- Promotional poster
- Showrunners: J. D. Payne; Patrick McKay;

Release
- Original network: Amazon Prime Video

Season chronology
- ← Previous Season 2Next → Season 4

= The Lord of the Rings: The Rings of Power season 3 =

Upcoming television season

The third season of the American fantasy television series The Lord of the Rings: The Rings of Power is based on J. R. R. Tolkien's history of Middle-earth, primarily material from the appendices of the novel The Lord of the Rings (1954–55).
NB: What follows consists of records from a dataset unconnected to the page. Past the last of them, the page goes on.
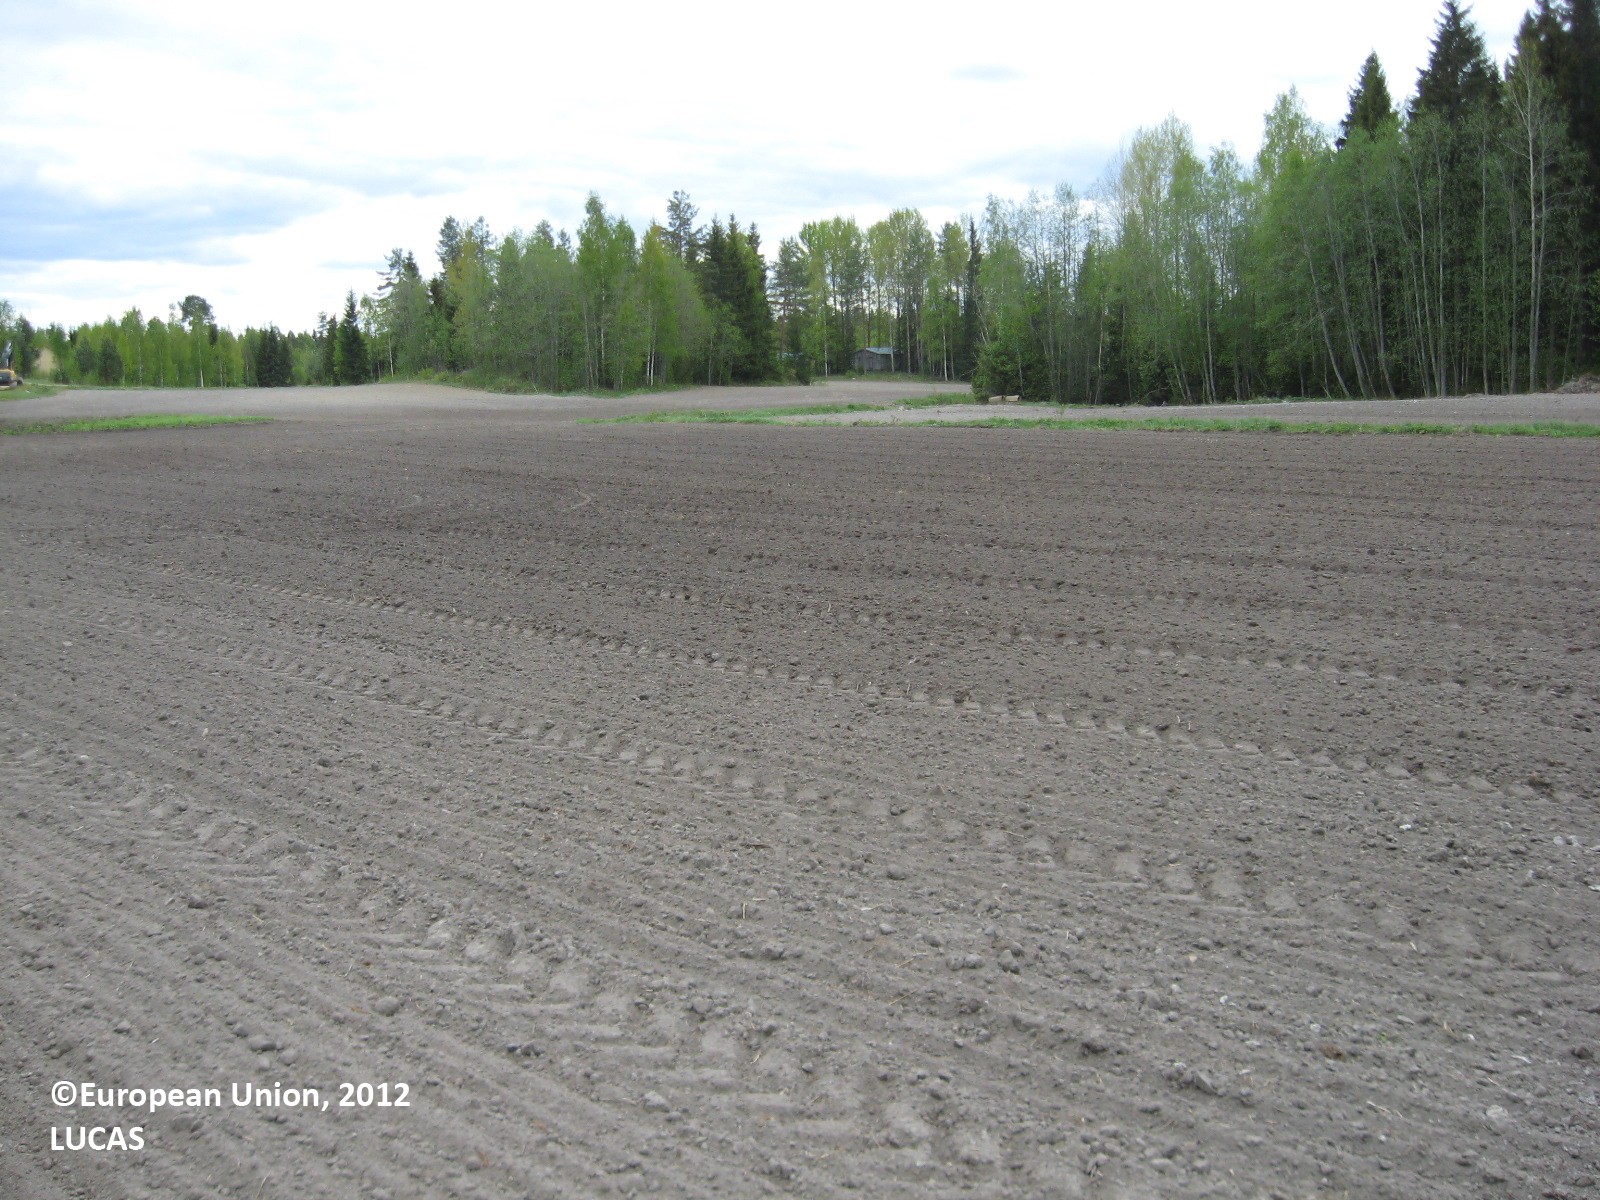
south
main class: Cropland
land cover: Oats
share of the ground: < 10 %
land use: Agriculture (excluding fallow land and kitchen gardens)
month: May
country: FI
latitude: 61.8040
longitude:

Set thousands of years before the novel in Middle-earth's Second Age, the season takes place five years after the second at the height of a war between the Elves and the Dark Lord Sauron. It depicts the latter's efforts to create the One Ring, which could give him the power to win the war and conquer all of Middle-earth. The season is produced by Amazon MGM Studios in association with New Line Cinema and with J. D. Payne and Patrick McKay as showrunners.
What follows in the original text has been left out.